By Prof. Datin Dr. G. Duraisamy Clinical Consultant (Haematology)
Dengue and dengue hemorrhagic fever (DHF) are caused by one of four closely related, but antigenically distinct, virus serotypes (DEN-1, DEN-2, DEN-3, and DEN-4), of the genus Flavivirus. Infection with one of these serotypes does not provide cross-protective immunity, so persons living in a dengue-endemic area can have four dengue infections during their lifetime. The viruses that cause it are maintained in a cycle that involves humans and Aedes aegypti, a domestic, day-biting mosquito that prefers to feed on humans.
Dengue is a notifiable disease. The incidence of clinically diagnosed DHF has increased this past year. The case fatality rate for DHF has been increasing this year (2005). Dengue Haemorrhagic Fever (DHF) has
- High continuous fever for 2 to 7 days
- Haemorrhagic manifestations include petichiae, epistaxis, GIT bleeds and a positive tourniquet test (Hess's test)
Tourniquet Test inflate blood pressure cuff to a point midway between systolic and diastolic pressure for 5 minutes
Positive test: 20 or more petichiae per/inch2 (6.25 cm2)
The tourniquet test assesses capillary fragility.
- Hepatomegaly may occur on day 3 to 4 of the fever, more in children (>90%) than in adults (60%)
- Circulatory disturbances (shock in severe cases) = Dengue Shock Syndrome (DSS) - on day 2 to 7 of fever. Period of shock is short but life threatening.
Plasma Leakage causing haemoconcentration with a rising haematocrit or packed cell volume (PCV) and thrombocytopenia hallmarks the plasma leakage and abnormal haemostasis. This usually occurs before fever subsides and before the shock syndrome. Positive Tourniquet test and petichiae are observed early in the febrile phase. Mild gum bleeding, epistaxis, bruising at the site of venepuncture are early signs of abnormal haemostasis.
- Full blood count - WBC, platelets, hematocrit or PCV
In patients with dengue, do serial hematocrits / PCV for hemoconcentration. Leukocyte counts are often low, and the patient may even be neutropenic.
Atypical Lymphocytes with basophilic cytoplasm is seen.
Platelet levels should also be checked, may fall to usually below 100 x 109/dl, remains low for 3-5 days in most cases. It increases to normal rapidly during convalescence. Reduction of platelets follows that of leucopenia. Giant platelets may be seen, suggests increased platelet turn over.
In shock platelet count may fall below 50 x 109/dl. Risk of bleeding occurs if there is prolonged shock. This may be due to increased peripheral consumption & destruction of platelets. Impaired platelet function has been shown (shortened platelet survival time).
Patients with bleeding manifestations should have serial hematocrit and platelet levels checked at least daily until their temperature is normal for 1-2 days.

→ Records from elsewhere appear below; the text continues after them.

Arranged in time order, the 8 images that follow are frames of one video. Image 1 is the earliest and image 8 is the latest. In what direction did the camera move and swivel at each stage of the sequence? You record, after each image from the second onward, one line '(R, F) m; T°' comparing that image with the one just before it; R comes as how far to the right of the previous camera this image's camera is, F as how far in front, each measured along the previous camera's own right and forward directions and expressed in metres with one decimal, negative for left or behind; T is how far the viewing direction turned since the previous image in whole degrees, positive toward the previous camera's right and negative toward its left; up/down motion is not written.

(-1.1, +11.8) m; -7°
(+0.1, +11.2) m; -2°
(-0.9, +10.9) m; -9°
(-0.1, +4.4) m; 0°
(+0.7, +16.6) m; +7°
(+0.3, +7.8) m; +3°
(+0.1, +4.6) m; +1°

If a bone marrow is done, (in the febrile phase), there is hypocellularity with arrest of the maturity of all cell lines, especially megakaryocytes. During convalescence there is a rapid recovery of all the cell lines.

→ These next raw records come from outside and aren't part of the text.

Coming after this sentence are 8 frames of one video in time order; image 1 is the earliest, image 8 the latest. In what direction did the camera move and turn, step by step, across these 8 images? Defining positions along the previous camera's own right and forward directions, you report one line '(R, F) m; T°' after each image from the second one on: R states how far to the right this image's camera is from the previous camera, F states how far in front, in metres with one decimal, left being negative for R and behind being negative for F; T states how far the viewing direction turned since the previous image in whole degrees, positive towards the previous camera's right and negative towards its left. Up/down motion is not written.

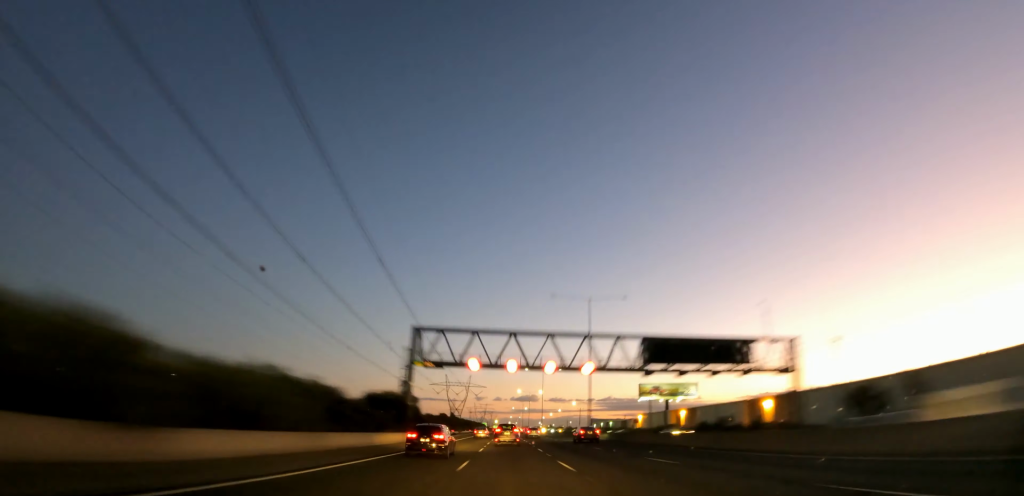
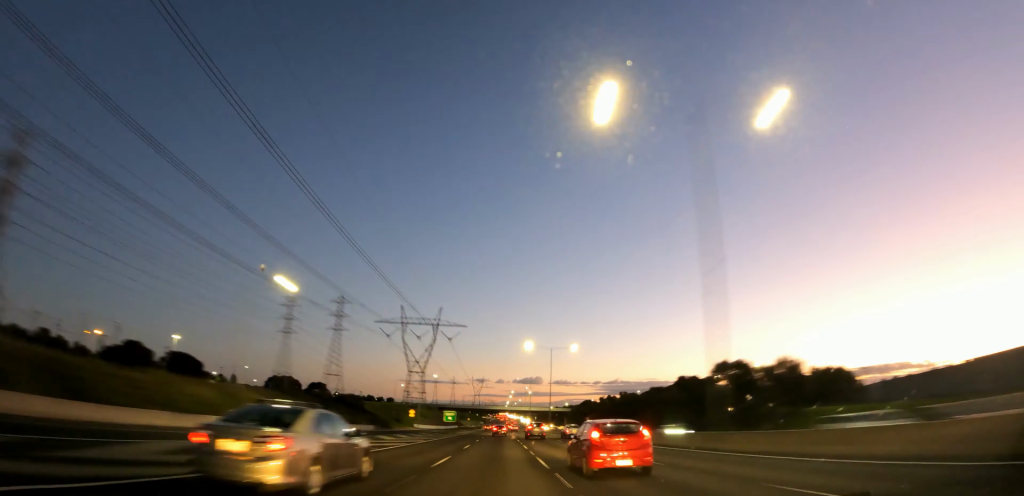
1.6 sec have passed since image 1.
(+1.6, +47.9) m; +3°
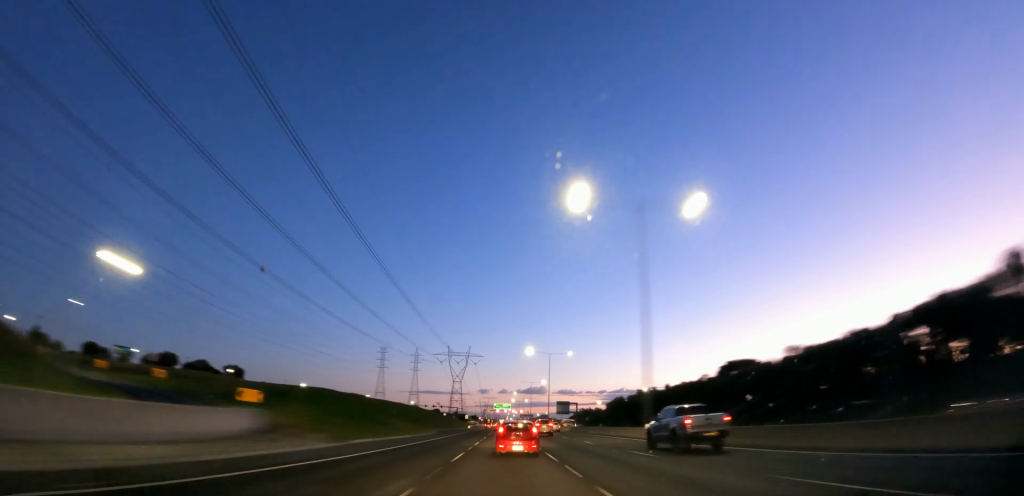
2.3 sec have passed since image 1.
(0.0, +18.4) m; +1°
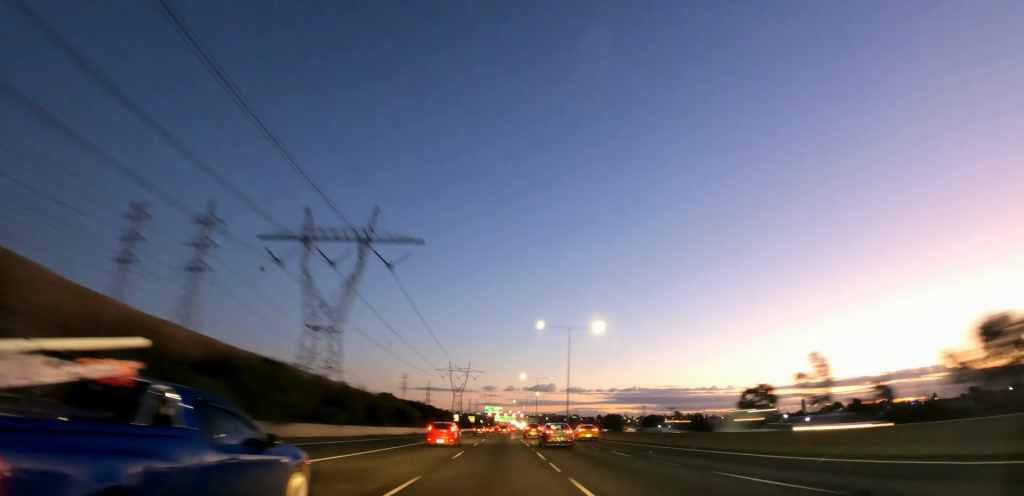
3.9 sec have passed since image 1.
(-0.2, +46.9) m; 0°
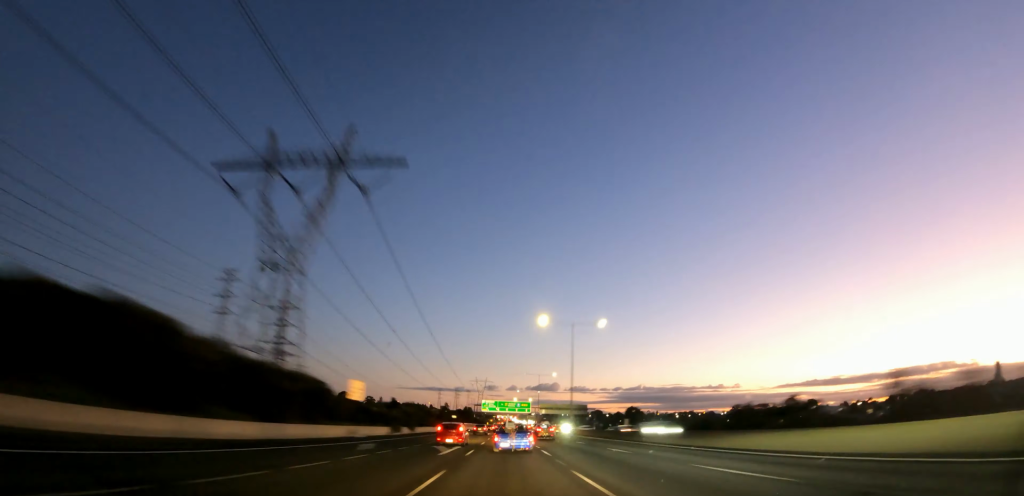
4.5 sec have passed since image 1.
(+0.1, +19.5) m; +1°
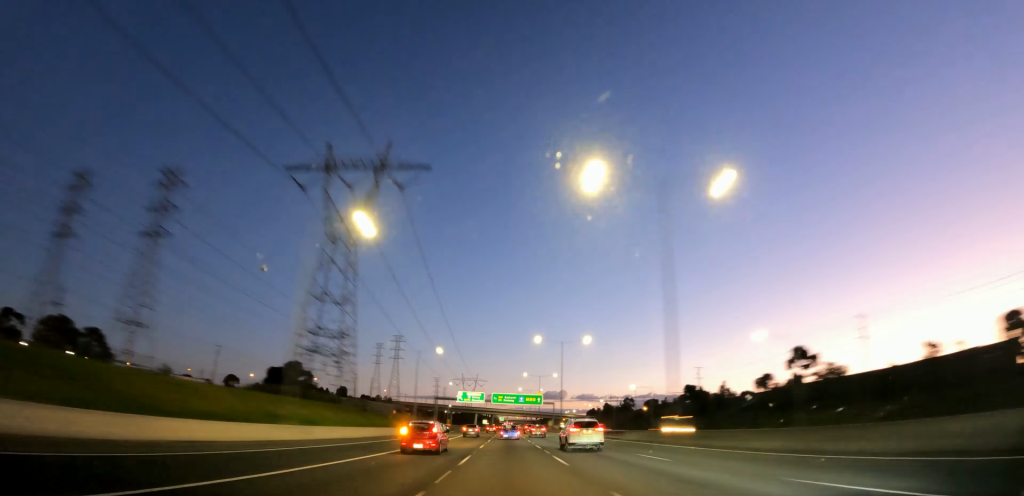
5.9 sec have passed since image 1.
(+1.0, +38.8) m; +1°
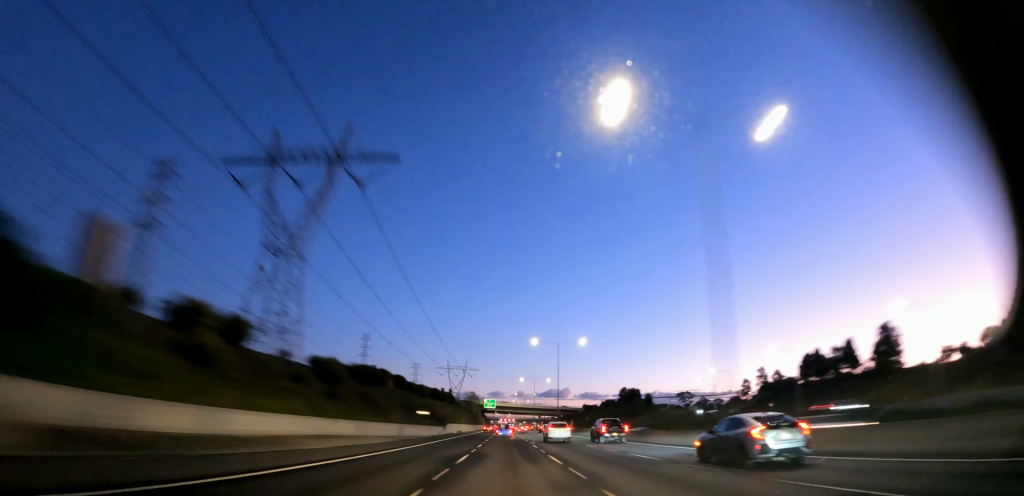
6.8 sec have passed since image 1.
(0.0, +26.9) m; +1°
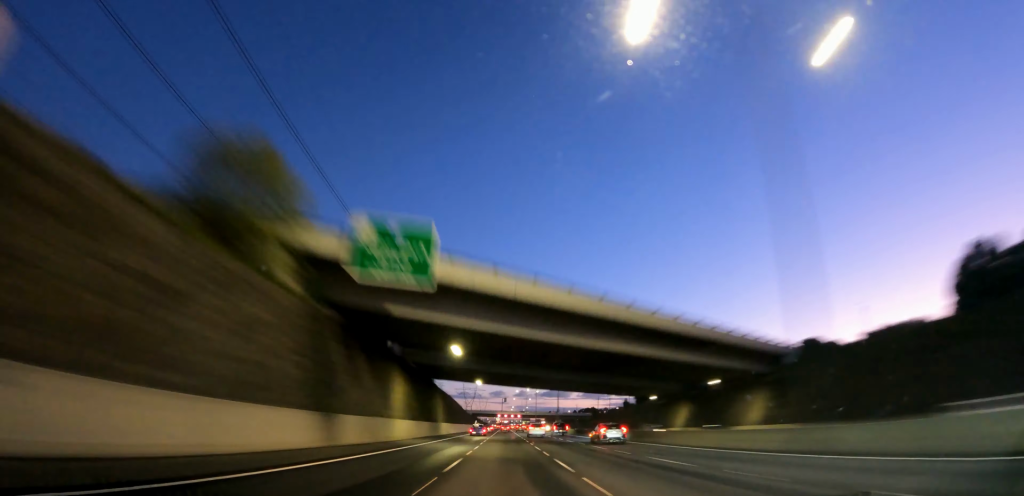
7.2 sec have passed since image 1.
(-0.2, +12.4) m; +1°

- Liver function tests - check albumin levels
- Urine - check for microscopic hematuria
- Coagulation Defects - Prolonged aPTT (activated Partial Thromboplastin Time) and PT (Prothrombin Time) may be seen with bleeding. There may be DIC (Disseminated Intravascular Coagulation).
- Dengue-specific tests
IgM ELISA test for Dengue antibodies
A convalescent-phase sample may also be drawn to test for IgM antibody. This sample should be drawn between 6 and 21 days after symptom onset.
If the blood sample was taken the first five days after the onset of symptoms, a convalescent-phase sample to measure IgM antibody is needed between 6-30 days after the onset of symptoms.
Gribbles performs the PanBio Rapid Strip Dengue Test for IgM and IgG and picks up primary, (increased IgM antibodies) and secondary (increased IgG) dengue infection. The test only takes 25-30 minutes to perform and uses a drop of sera.
Risk Factors Reported for DHF
- Virus strain
- Pre-existing anti-dengue antibody
- Previous infection
- Maternal antibodies in infants
- Host genetics
- Higher risk in secondary dengue infection
- Higher risk in locations with two or more serotypes circulating, hyperendemic at high levels (hyperendemic transmission).
In a subsequent infection, the pre-existing heterologous antibodies form complexes with the new infecting virus serotype, but do not neutralize the new virus.
Antibody-dependent enhancement is the process in which certain strains of dengue virus, complexed with non-neutralizing antibodies, can enter a greater proportion of cells of the mononuclear lineage, thus increasing g virus production.
Infected monocytes probably release vasoactive mediators, resulting in increased vascular permeability and hemorrhagic manifestations that characterize DHF and DSS.